(AVAILABLE DATA Opens)

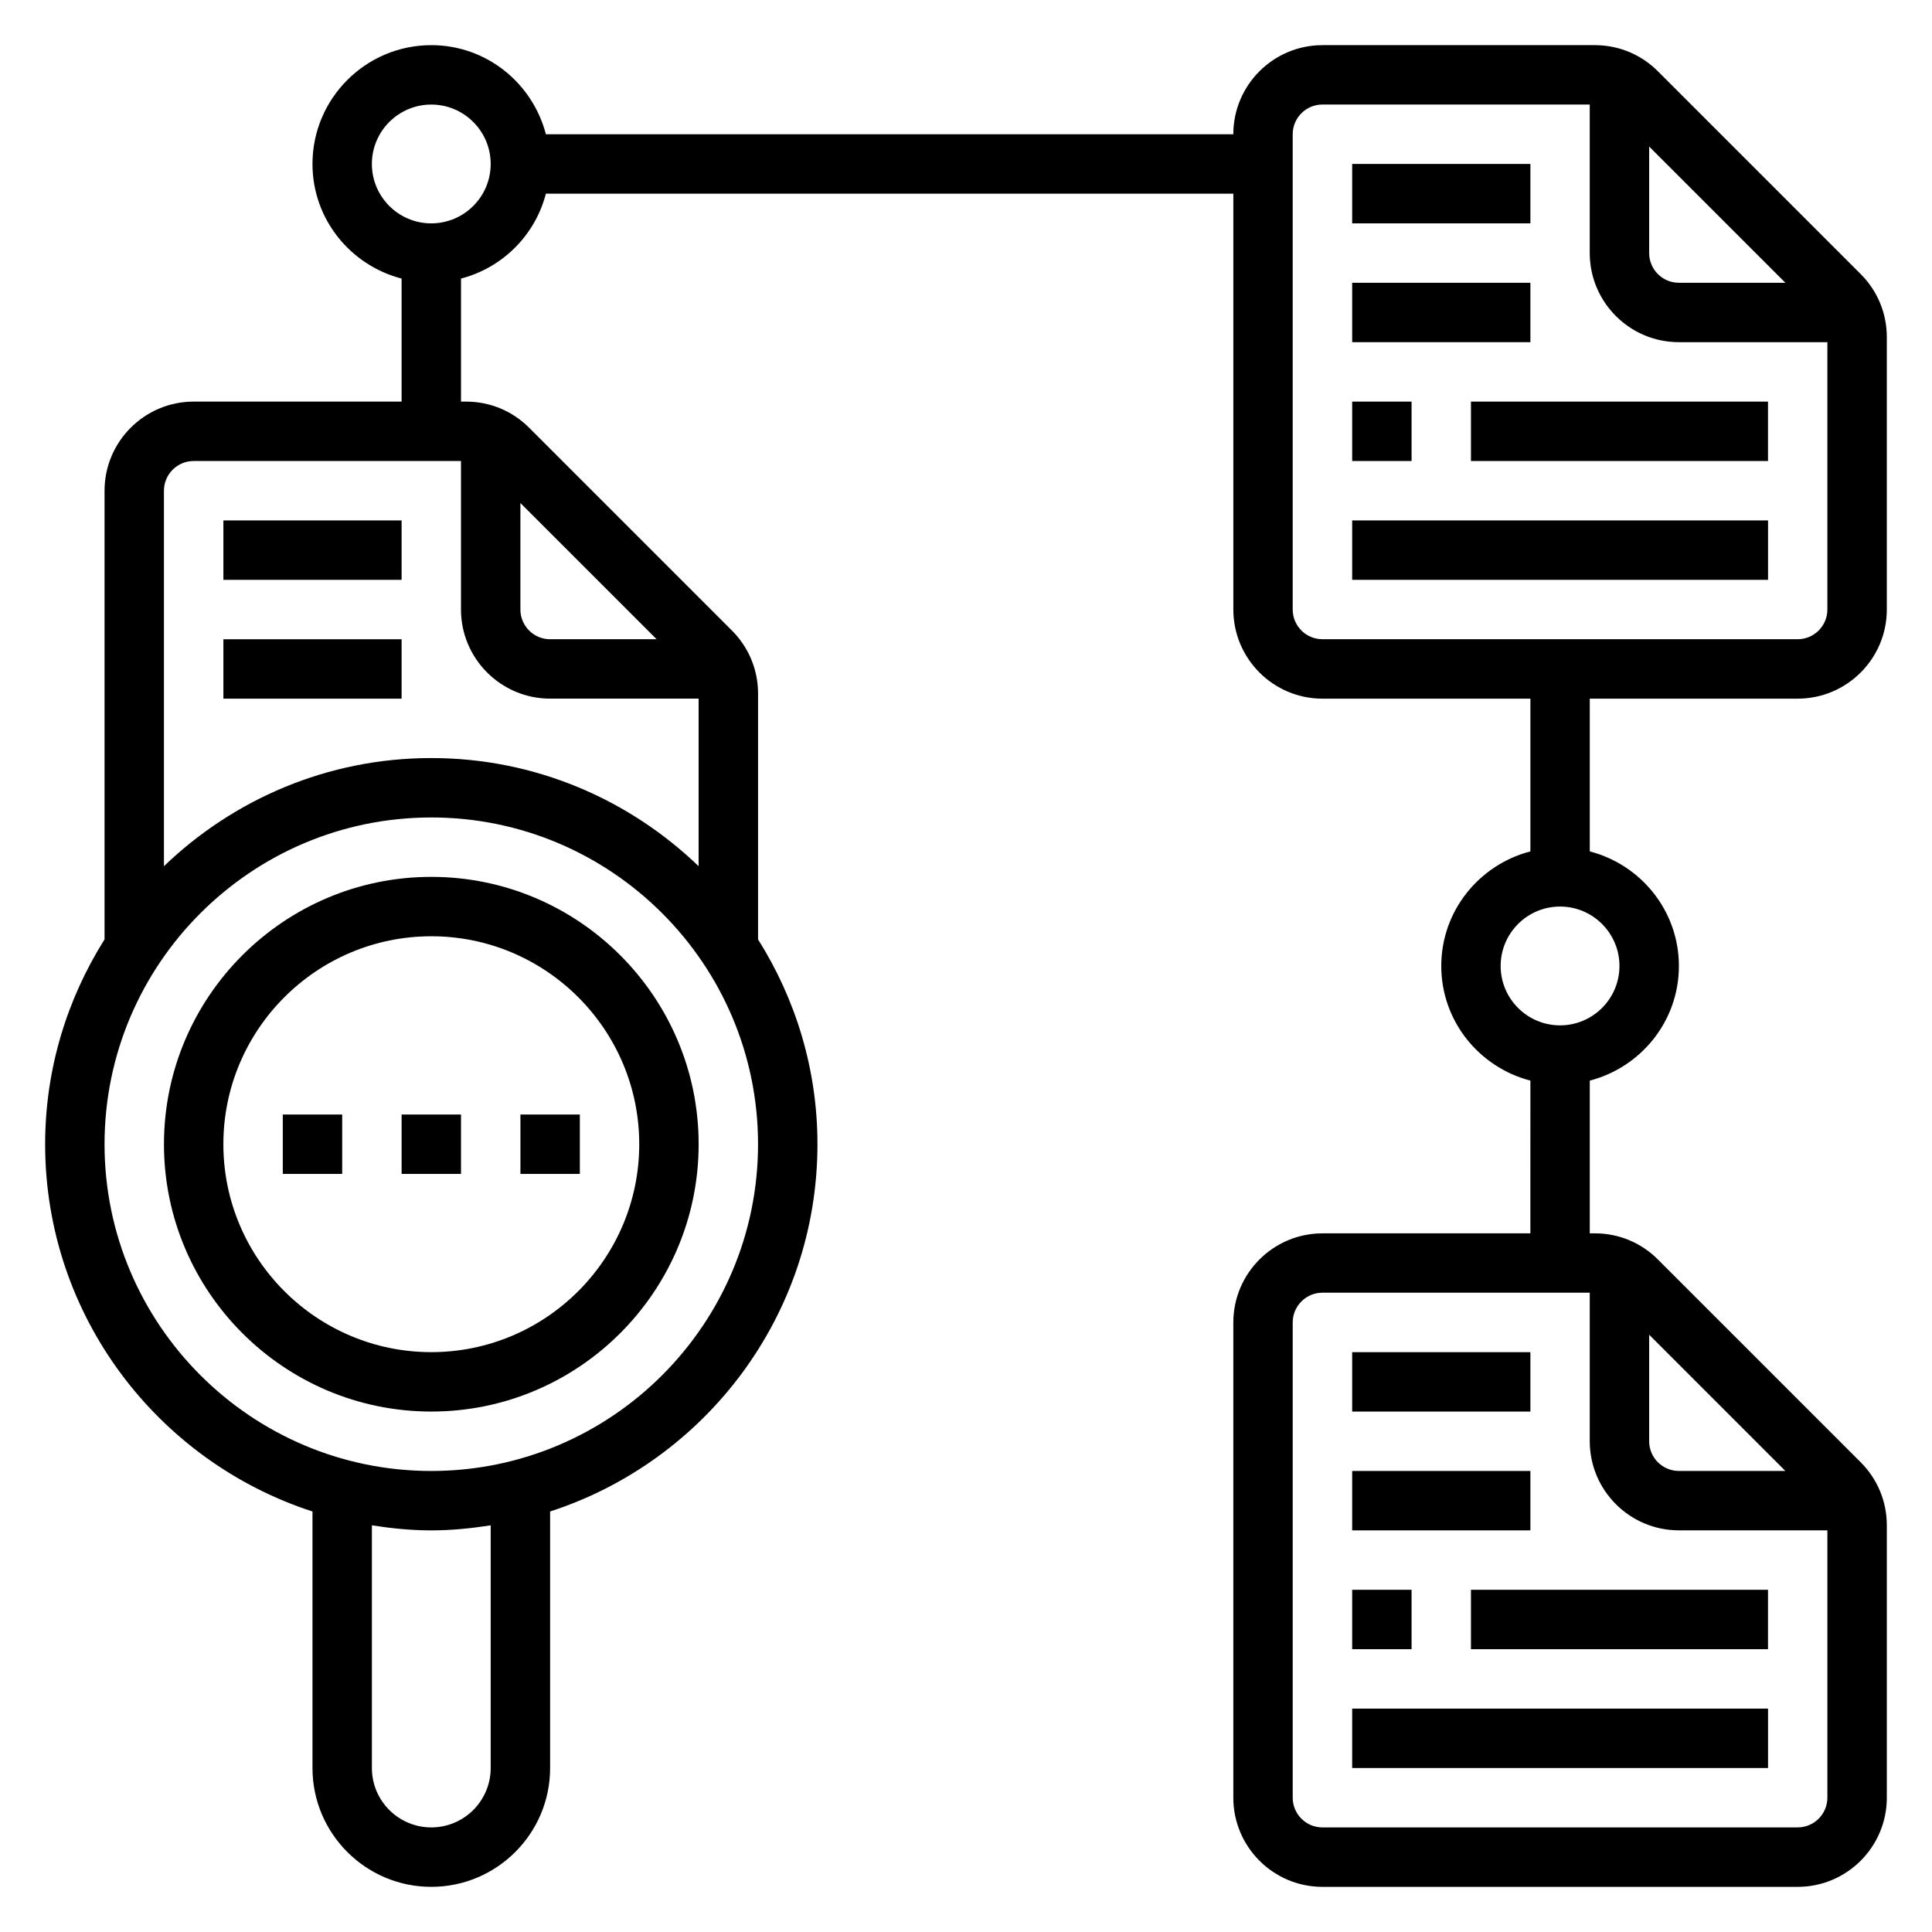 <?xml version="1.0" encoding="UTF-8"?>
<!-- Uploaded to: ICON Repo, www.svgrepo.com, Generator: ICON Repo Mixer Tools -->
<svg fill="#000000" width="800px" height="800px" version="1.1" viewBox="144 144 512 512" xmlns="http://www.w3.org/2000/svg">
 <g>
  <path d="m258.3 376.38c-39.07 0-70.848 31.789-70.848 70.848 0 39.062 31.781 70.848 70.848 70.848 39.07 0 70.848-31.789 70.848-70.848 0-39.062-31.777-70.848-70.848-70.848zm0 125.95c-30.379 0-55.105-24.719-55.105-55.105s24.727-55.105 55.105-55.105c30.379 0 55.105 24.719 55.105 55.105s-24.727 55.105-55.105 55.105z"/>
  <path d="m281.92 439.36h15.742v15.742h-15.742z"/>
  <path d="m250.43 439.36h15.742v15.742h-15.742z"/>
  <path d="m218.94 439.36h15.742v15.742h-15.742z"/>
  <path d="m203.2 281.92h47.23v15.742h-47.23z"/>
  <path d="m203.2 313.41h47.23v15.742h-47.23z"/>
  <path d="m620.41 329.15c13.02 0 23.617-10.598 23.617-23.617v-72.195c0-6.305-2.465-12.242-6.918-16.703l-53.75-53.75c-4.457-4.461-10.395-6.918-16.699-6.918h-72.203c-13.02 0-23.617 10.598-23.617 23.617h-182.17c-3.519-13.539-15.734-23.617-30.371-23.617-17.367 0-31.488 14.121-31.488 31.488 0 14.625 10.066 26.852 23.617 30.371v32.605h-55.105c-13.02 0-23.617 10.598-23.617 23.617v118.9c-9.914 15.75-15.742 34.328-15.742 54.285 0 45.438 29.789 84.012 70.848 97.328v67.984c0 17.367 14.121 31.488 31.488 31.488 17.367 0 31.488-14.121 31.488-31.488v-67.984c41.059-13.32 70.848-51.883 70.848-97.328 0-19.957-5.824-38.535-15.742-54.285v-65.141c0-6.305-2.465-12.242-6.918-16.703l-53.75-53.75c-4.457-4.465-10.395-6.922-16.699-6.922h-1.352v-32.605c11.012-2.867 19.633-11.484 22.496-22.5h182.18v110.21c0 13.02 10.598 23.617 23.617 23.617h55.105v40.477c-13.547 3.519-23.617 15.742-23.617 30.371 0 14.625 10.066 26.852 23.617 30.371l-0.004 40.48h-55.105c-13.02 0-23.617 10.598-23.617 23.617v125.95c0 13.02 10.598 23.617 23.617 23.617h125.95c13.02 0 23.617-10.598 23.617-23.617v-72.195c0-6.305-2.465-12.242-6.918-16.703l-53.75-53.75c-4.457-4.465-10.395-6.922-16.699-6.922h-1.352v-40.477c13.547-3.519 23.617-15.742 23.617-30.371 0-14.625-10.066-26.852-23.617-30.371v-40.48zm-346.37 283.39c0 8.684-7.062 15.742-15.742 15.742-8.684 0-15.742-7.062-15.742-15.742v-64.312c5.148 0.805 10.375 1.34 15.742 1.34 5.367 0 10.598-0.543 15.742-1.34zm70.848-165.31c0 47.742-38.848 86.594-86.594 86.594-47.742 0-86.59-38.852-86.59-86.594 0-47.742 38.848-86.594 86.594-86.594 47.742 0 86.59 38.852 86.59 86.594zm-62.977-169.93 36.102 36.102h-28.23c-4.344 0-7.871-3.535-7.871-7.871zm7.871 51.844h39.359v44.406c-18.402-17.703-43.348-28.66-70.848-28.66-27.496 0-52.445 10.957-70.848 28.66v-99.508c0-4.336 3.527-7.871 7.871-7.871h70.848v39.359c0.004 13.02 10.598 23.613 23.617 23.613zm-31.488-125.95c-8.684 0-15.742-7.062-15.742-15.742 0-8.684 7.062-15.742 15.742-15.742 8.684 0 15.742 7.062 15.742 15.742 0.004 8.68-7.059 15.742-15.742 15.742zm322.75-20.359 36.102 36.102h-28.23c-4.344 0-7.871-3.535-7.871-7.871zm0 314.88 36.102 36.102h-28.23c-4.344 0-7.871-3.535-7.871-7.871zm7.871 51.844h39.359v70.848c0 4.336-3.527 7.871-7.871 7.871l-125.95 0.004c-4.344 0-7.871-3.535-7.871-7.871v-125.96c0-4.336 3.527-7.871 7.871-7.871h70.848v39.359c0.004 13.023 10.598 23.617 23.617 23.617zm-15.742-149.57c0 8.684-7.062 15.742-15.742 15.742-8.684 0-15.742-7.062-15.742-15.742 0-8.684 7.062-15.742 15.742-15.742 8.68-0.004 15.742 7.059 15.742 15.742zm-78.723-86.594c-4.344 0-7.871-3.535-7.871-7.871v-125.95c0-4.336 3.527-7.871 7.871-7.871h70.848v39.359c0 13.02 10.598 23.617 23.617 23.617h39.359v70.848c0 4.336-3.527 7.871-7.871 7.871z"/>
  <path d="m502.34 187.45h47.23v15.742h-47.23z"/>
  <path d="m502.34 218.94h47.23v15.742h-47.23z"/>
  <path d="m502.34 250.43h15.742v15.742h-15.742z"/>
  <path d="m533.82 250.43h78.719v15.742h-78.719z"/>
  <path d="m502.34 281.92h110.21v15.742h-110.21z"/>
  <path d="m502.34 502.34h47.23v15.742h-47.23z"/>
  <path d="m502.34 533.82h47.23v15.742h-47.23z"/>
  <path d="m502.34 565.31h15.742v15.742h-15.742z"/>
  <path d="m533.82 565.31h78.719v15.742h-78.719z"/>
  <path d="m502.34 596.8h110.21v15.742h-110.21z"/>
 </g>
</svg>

(AVAILABLE DATA Closes)

→ **WORK INSTRUCTION**
Every entry, word for word: repeat it, but skip the images.

→ **EXERCISE RESPONSE**
 <?xml version="1.0" encoding="UTF-8"?>
<!-- Uploaded to: ICON Repo, www.svgrepo.com, Generator: ICON Repo Mixer Tools -->
<svg fill="#000000" width="800px" height="800px" version="1.1" viewBox="144 144 512 512" xmlns="http://www.w3.org/2000/svg">
 <g>
  <path d="m258.3 376.38c-39.07 0-70.848 31.789-70.848 70.848 0 39.062 31.781 70.848 70.848 70.848 39.07 0 70.848-31.789 70.848-70.848 0-39.062-31.777-70.848-70.848-70.848zm0 125.95c-30.379 0-55.105-24.719-55.105-55.105s24.727-55.105 55.105-55.105c30.379 0 55.105 24.719 55.105 55.105s-24.727 55.105-55.105 55.105z"/>
  <path d="m281.92 439.36h15.742v15.742h-15.742z"/>
  <path d="m250.43 439.36h15.742v15.742h-15.742z"/>
  <path d="m218.94 439.36h15.742v15.742h-15.742z"/>
  <path d="m203.2 281.92h47.23v15.742h-47.23z"/>
  <path d="m203.2 313.41h47.23v15.742h-47.23z"/>
  <path d="m620.41 329.15c13.02 0 23.617-10.598 23.617-23.617v-72.195c0-6.305-2.465-12.242-6.918-16.703l-53.75-53.75c-4.457-4.461-10.395-6.918-16.699-6.918h-72.203c-13.02 0-23.617 10.598-23.617 23.617h-182.17c-3.519-13.539-15.734-23.617-30.371-23.617-17.367 0-31.488 14.121-31.488 31.488 0 14.625 10.066 26.852 23.617 30.371v32.605h-55.105c-13.02 0-23.617 10.598-23.617 23.617v118.9c-9.914 15.75-15.742 34.328-15.742 54.285 0 45.438 29.789 84.012 70.848 97.328v67.984c0 17.367 14.121 31.488 31.488 31.488 17.367 0 31.488-14.121 31.488-31.488v-67.984c41.059-13.32 70.848-51.883 70.848-97.328 0-19.957-5.824-38.535-15.742-54.285v-65.141c0-6.305-2.465-12.242-6.918-16.703l-53.75-53.75c-4.457-4.465-10.395-6.922-16.699-6.922h-1.352v-32.605c11.012-2.867 19.633-11.484 22.496-22.5h182.18v110.21c0 13.02 10.598 23.617 23.617 23.617h55.105v40.477c-13.547 3.519-23.617 15.742-23.617 30.371 0 14.625 10.066 26.852 23.617 30.371l-0.004 40.48h-55.105c-13.02 0-23.617 10.598-23.617 23.617v125.95c0 13.02 10.598 23.617 23.617 23.617h125.95c13.02 0 23.617-10.598 23.617-23.617v-72.195c0-6.305-2.465-12.242-6.918-16.703l-53.75-53.75c-4.457-4.465-10.395-6.922-16.699-6.922h-1.352v-40.477c13.547-3.519 23.617-15.742 23.617-30.371 0-14.625-10.066-26.852-23.617-30.371v-40.48zm-346.37 283.39c0 8.684-7.062 15.742-15.742 15.742-8.684 0-15.742-7.062-15.742-15.742v-64.312c5.148 0.805 10.375 1.34 15.742 1.34 5.367 0 10.598-0.543 15.742-1.34zm70.848-165.31c0 47.742-38.848 86.594-86.594 86.594-47.742 0-86.59-38.852-86.59-86.594 0-47.742 38.848-86.594 86.594-86.594 47.742 0 86.59 38.852 86.59 86.594zm-62.977-169.93 36.102 36.102h-28.23c-4.344 0-7.871-3.535-7.871-7.871zm7.871 51.844h39.359v44.406c-18.402-17.703-43.348-28.66-70.848-28.66-27.496 0-52.445 10.957-70.848 28.66v-99.508c0-4.336 3.527-7.871 7.871-7.871h70.848v39.359c0.004 13.02 10.598 23.613 23.617 23.613zm-31.488-125.95c-8.684 0-15.742-7.062-15.742-15.742 0-8.684 7.062-15.742 15.742-15.742 8.684 0 15.742 7.062 15.742 15.742 0.004 8.68-7.059 15.742-15.742 15.742zm322.75-20.359 36.102 36.102h-28.23c-4.344 0-7.871-3.535-7.871-7.871zm0 314.88 36.102 36.102h-28.23c-4.344 0-7.871-3.535-7.871-7.871zm7.871 51.844h39.359v70.848c0 4.336-3.527 7.871-7.871 7.871l-125.95 0.004c-4.344 0-7.871-3.535-7.871-7.871v-125.96c0-4.336 3.527-7.871 7.871-7.871h70.848v39.359c0.004 13.023 10.598 23.617 23.617 23.617zm-15.742-149.57c0 8.684-7.062 15.742-15.742 15.742-8.684 0-15.742-7.062-15.742-15.742 0-8.684 7.062-15.742 15.742-15.742 8.68-0.004 15.742 7.059 15.742 15.742zm-78.723-86.594c-4.344 0-7.871-3.535-7.871-7.871v-125.95c0-4.336 3.527-7.871 7.871-7.871h70.848v39.359c0 13.02 10.598 23.617 23.617 23.617h39.359v70.848c0 4.336-3.527 7.871-7.871 7.871z"/>
  <path d="m502.34 187.45h47.23v15.742h-47.23z"/>
  <path d="m502.34 218.94h47.23v15.742h-47.23z"/>
  <path d="m502.34 250.43h15.742v15.742h-15.742z"/>
  <path d="m533.82 250.43h78.719v15.742h-78.719z"/>
  <path d="m502.34 281.92h110.21v15.742h-110.21z"/>
  <path d="m502.34 502.34h47.23v15.742h-47.23z"/>
  <path d="m502.34 533.82h47.23v15.742h-47.23z"/>
  <path d="m502.34 565.31h15.742v15.742h-15.742z"/>
  <path d="m533.82 565.31h78.719v15.742h-78.719z"/>
  <path d="m502.34 596.8h110.21v15.742h-110.21z"/>
 </g>
</svg>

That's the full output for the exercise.